Thursday , 9 January 2025
Health

Tyler Cowen is an economist from George Washington University and a libertarian. Thus, you would expect his answer to this question would be ‘always’. In a recent Bloomberg article discussing whether to privatize government assets (e.g., USPS), he makes a more nuanced argument. First, for consumer goods, it is nearly always good to privatize. Cowen gives the example that Poland had publicly owned food production which could readily shift from government ownership to a competitive market. Nevertheless, he also makes that case that it may not always be good to privatize energy firms and water utilities, since it is difficult to create competition if houses only have a single connection to the power grid (or water pipes).

Another concern is that what makes private companies good at innovation may also make them good at rent seeking when the free market is not fully free.

Involving the private sector may give better incentives for cost reduction as well as innovation, since profit maximization is a strong impetus for those kinds of improvements. The efficiency of the private company, however, is also a source of problems. A private company may be efficient at lobbying the government for cronyist privileges. That may lead to higher prices, overly generous reimbursement for cost increases, tougher barriers to entry, or entrenched technologies that favor the incumbent.

In other words: If embedded in an imperfect system, corporate efficiency is not always a pure virtue.

He also gives some examples from the world of health care.

One recent study shows this privatization increased the costs of Medicaid significantly without providing offsetting benefits. The private companies have done a good job — for themselves — of extracting more revenue from the system. Yet Medicare Cost Advantage, which creates a private layer of service on top of Medicare, run by insurance companies, does offer significant benefits to those who opt for it.

Cowen is not a health care expert and his evaluation of Medicaid managed care and Medicare Advantage is rudimentary to say the least.
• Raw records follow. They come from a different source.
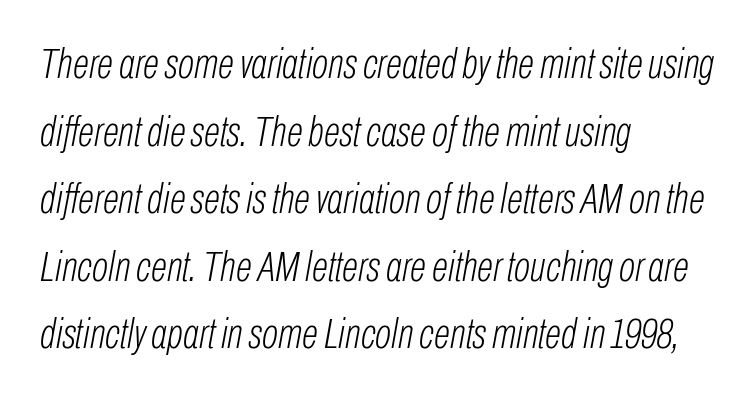
Q: Is the text bold? A: No.
Q: Is the text italic (slanted)? A: Yes, it leans right by about 10 degrees.
Q: Is the text underlined? A: No.
Q: How is the paragraph aligned? A: Left-aligned.
Q: Is the spacing between letters normal or unusually wide? A: Normal.
Q: Is the spacing between lines tight, normal or loose? A: Normal.
Q: Width (condensed, normal, or wide)? A: Condensed.
Q: Stroke contrast? A: Low.
Q: x-height? A: Medium.
Q: Monospaced? A: No.

However, whether Medicare Advantage is a good thing depends a lot on your point of view: proponents will argue that privatization improves efficiency, leads to more innovation and offers Medicare patients additional benefits; opponents will argue that privatization leads ‘cream skimming’, upcoding, increased cost and more utilization management. With patients, however, it has become increasingly popular over time.

I am someone who believes in the free market and when uncertainty exists my Bayesian prior is always that the private sector works best. However, Cowen’s conclusion is a profound one:

…talk of “privatization” per se is meaningless without elucidating which kind of privatization is under consideration. One class of privatizations, such as in Poland, is close to an unalloyed good, and economists are right to tout it. But in a large number of other cases, which are frequent in modern Western democracies, privatization works only when judiciously applied.